Method as in the other recipe. When the sponge is cooled, remove the baking paper, wash the tin then line its sides with acetate and drop the sponge back in.

Layer 2: chocolate mousse
170g dark chocolate
80ml whole milk
1 large egg yolk
4 large egg whites
2 tbsp caster sugar

Melt the chocolate in a bain-marie (in a large bowl) then leave it on the counter to cool a little. Bring the milk to the boil and pour over the chocolate, then blend using a small whisk. Add the egg yolk and gently work into the chocolate. Whisk the egg whites to soft peaks, then increase the speed and add the sugar gradually. Continue whisking to stiff peaks. Add a third of the egg whites to the chocolate and beat to lighten.

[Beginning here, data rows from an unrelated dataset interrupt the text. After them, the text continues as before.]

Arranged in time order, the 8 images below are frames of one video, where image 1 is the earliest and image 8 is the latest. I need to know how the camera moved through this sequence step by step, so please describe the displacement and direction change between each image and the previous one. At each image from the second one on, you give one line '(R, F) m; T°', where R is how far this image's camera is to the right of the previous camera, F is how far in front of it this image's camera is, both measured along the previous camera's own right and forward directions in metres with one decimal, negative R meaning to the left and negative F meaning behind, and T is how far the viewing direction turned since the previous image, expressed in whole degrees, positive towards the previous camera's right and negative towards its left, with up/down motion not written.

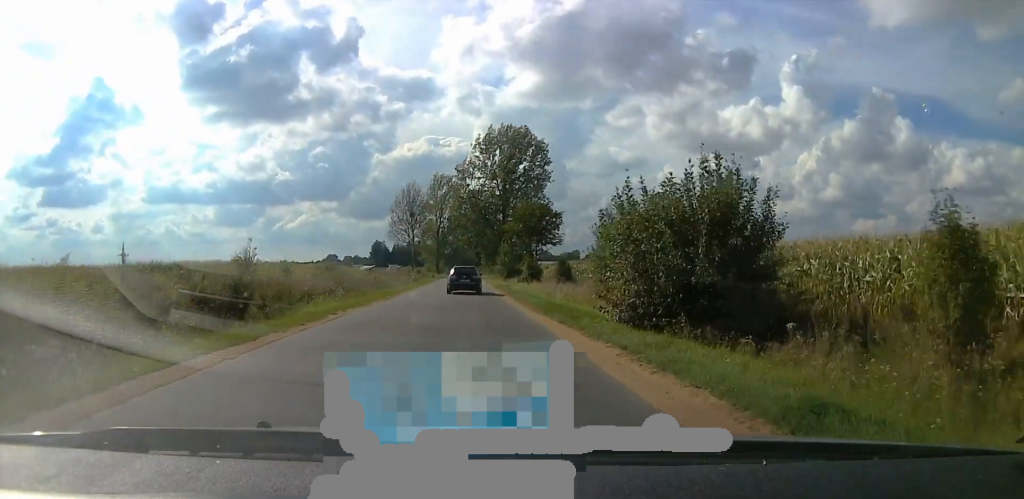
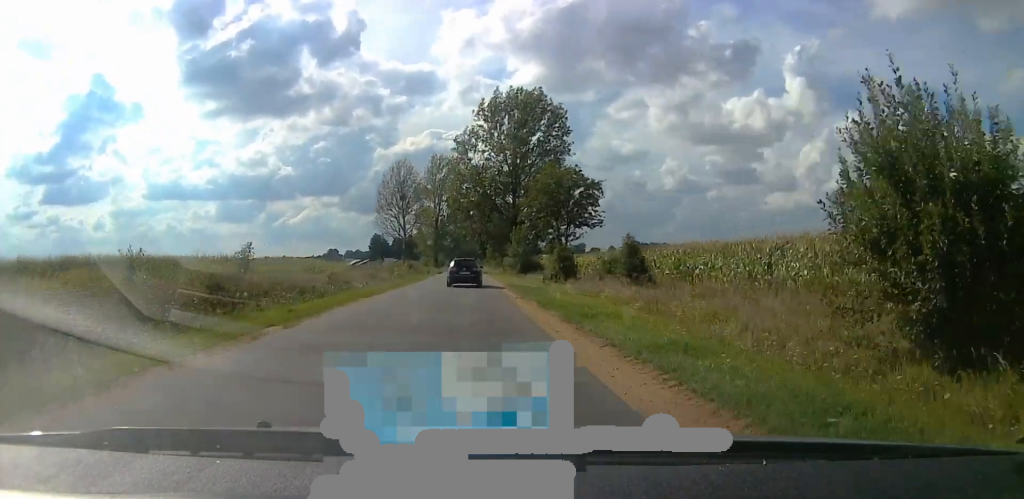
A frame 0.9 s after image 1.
(-0.3, +19.6) m; -2°
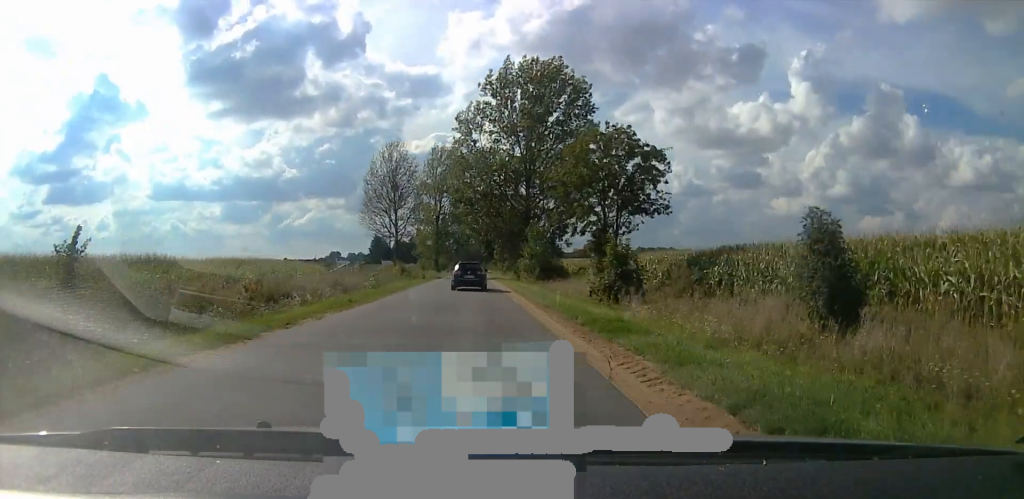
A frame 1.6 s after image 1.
(-0.5, +14.5) m; -1°
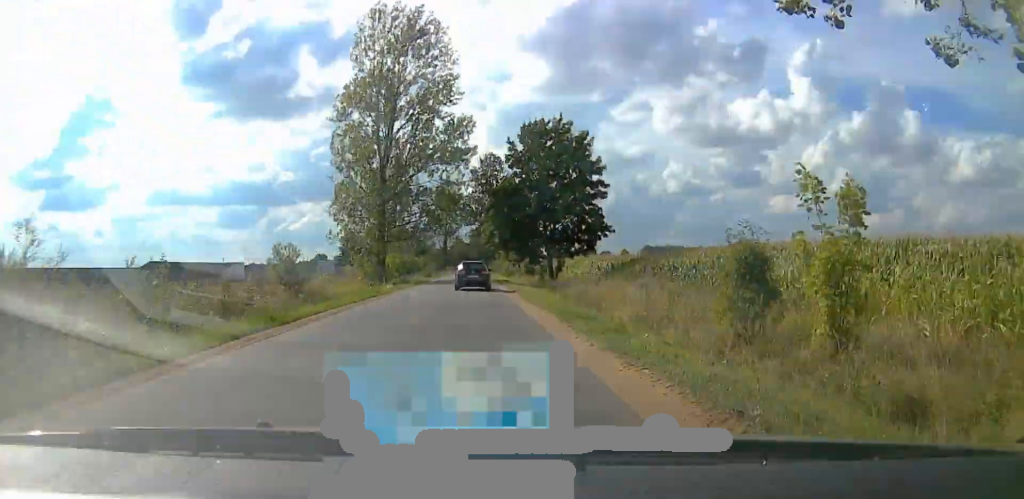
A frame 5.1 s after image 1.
(+2.2, +75.9) m; +2°
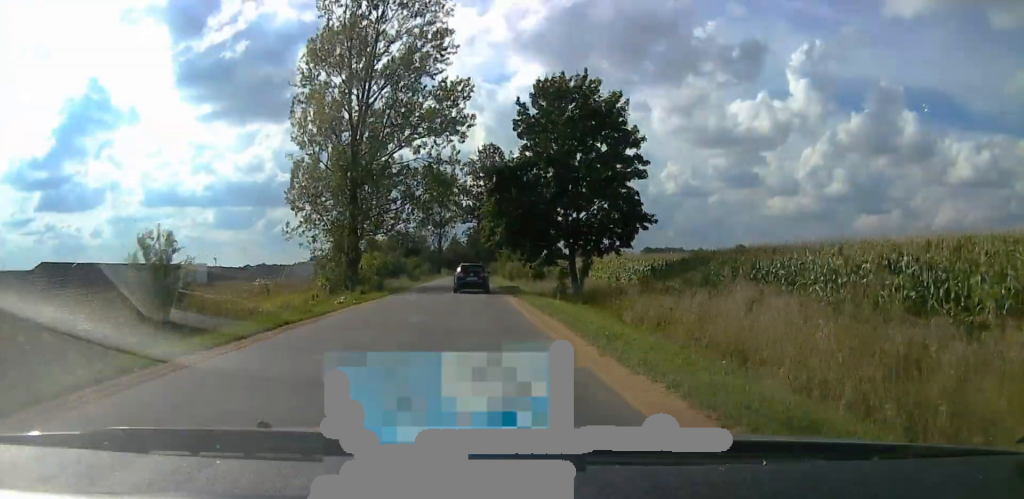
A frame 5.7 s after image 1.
(+0.4, +13.8) m; +1°
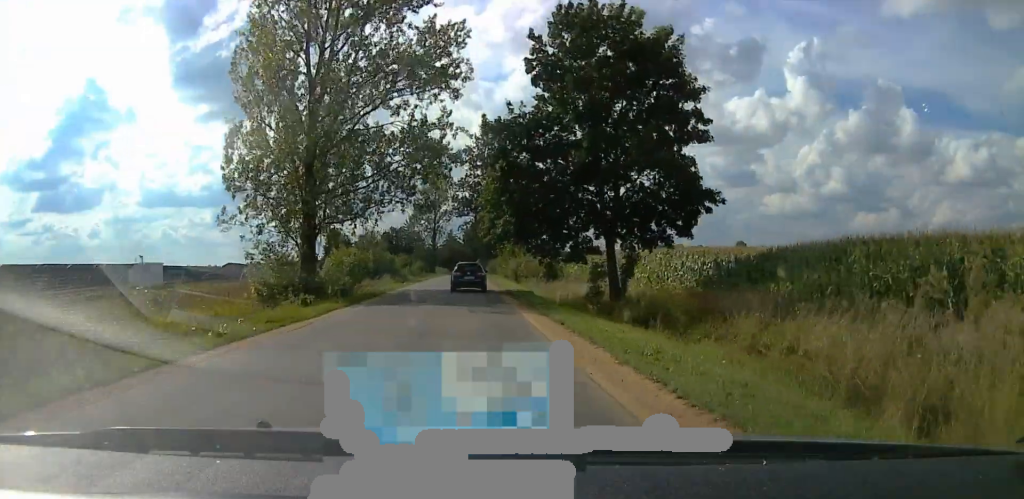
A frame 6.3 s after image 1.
(+0.9, +12.5) m; 0°
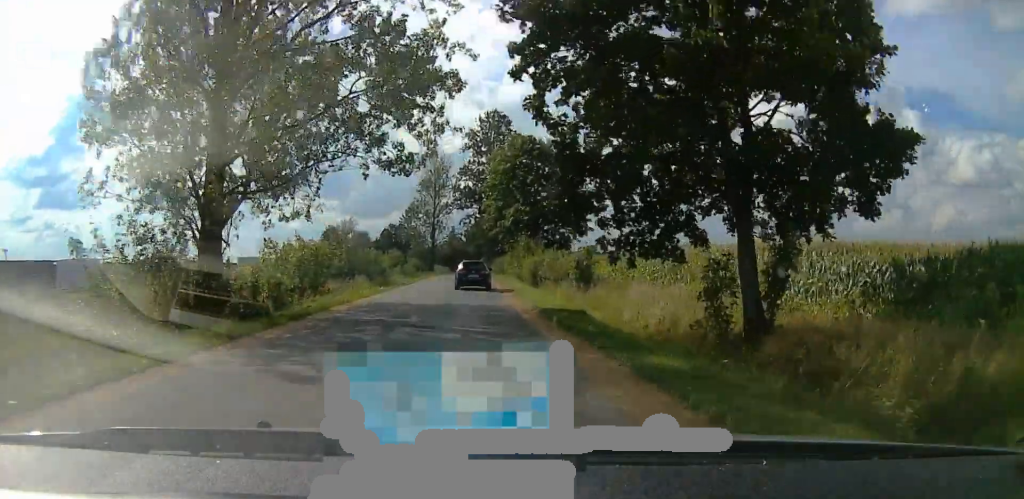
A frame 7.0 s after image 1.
(-0.7, +15.0) m; 0°
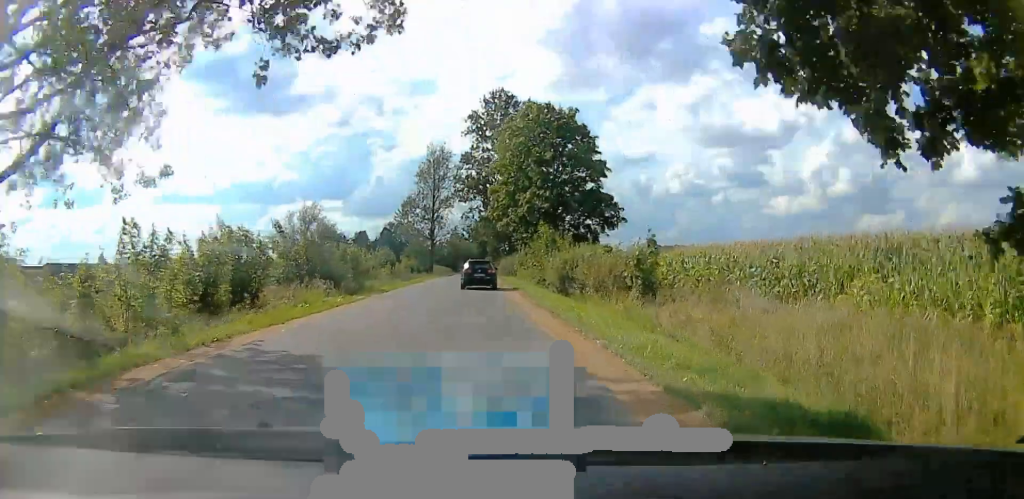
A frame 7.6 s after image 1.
(-0.3, +13.7) m; -1°

Carefully but thoroughly fold in the rest of the whites, then pour the mousse mixture into the tin on top of the sponge and refrigerate at least 4 hours.

Layers 3 and 5: hazelnut meringue
40g toasted hazelnuts, finely chopped in a blender
2 large egg whites
120g caster sugar

Preheat to 140C. Draw around the tin onto two sheets of baking paper, which will then line two baking sheets. Whisk the egg whites to soft peaks, then add the sugar one tablespoon at a time, whisking the whole time, until you get a firm glossy meringue. Gently fold in the hazelnuts. Spread the meringue mixture onto the baking sheets as flat as you can, to about 1cm from the edge of the circles you drew on the baking paper. Bake for about 90 minutes (you want crispy meringue) then switch off the oven and leave the meringues inside overnight to cool completely and dry out. Place one meringue on top of the chocolate mousse and keep the other aside.

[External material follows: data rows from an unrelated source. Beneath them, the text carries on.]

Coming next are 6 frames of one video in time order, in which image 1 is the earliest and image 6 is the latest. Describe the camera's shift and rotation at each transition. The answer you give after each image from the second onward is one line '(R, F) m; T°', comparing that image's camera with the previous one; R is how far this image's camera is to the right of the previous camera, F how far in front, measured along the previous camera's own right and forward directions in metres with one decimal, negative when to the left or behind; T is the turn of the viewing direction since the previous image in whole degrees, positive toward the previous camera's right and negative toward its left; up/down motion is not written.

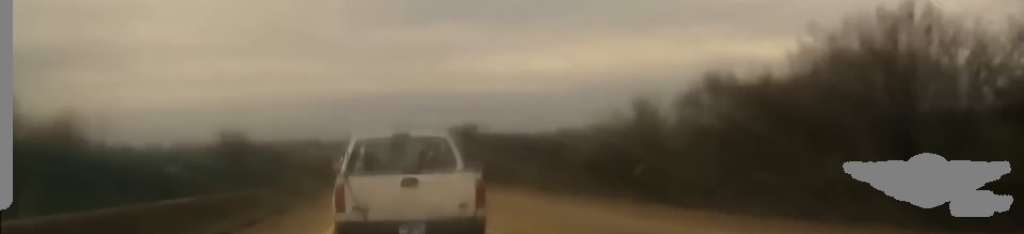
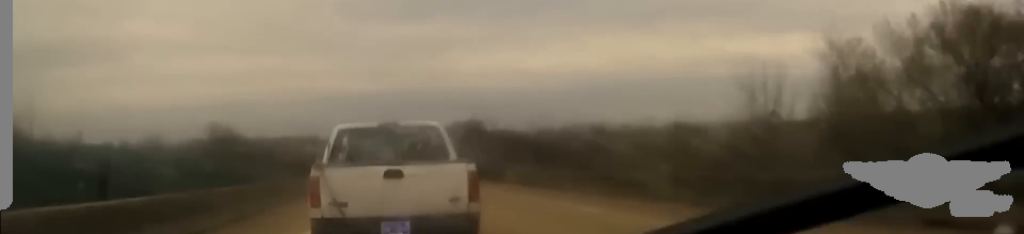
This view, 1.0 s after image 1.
(-0.1, +42.6) m; 0°
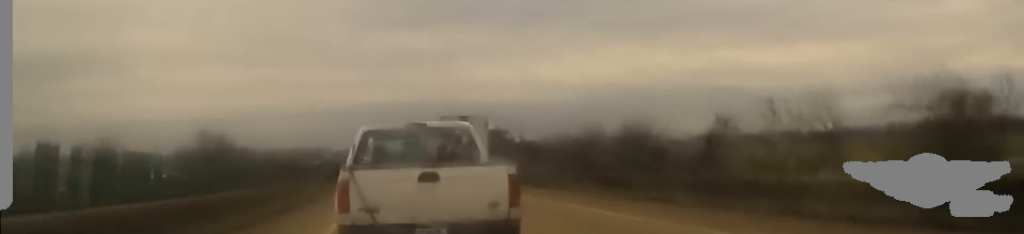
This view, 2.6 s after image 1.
(-0.4, +69.4) m; -1°
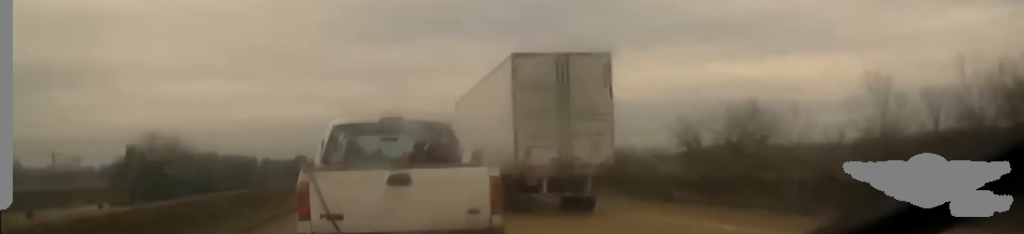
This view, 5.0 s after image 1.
(+0.7, +102.0) m; +1°
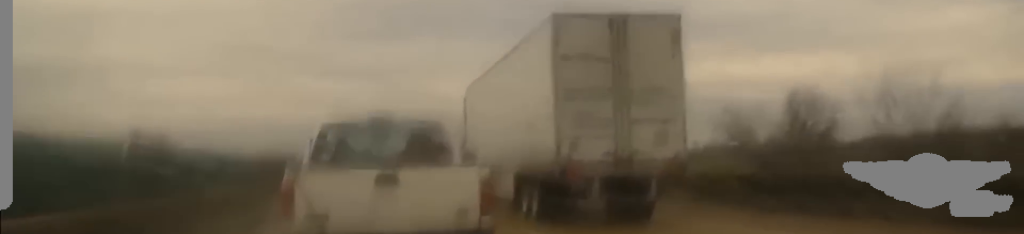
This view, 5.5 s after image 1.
(-0.3, +21.4) m; 0°
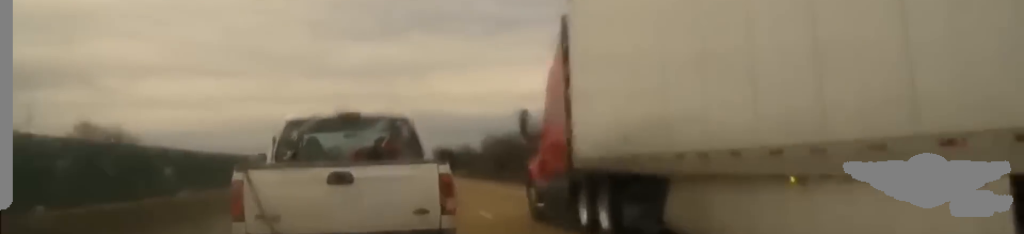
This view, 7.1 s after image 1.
(+0.3, +66.0) m; 0°

Layer 4: Chantilly cream (ish)
300ml double cream
1tsp vanilla extract
(Chantilly cream usually contains sugar too, hence the “ish”. I didn’t want this too sweet.)

Whisk the cream to soft peaks, then add the vanilla and continue whisking to firm peaks. Spread on top of the first meringue, reserving a big spoonful. Place the second meringue on the top, then top with the reserved cream and make the surface as flat as possible. Place in the freezer for about 15-20 minutes to allow the top surface to become firm enough to stay put when you spread the ganache.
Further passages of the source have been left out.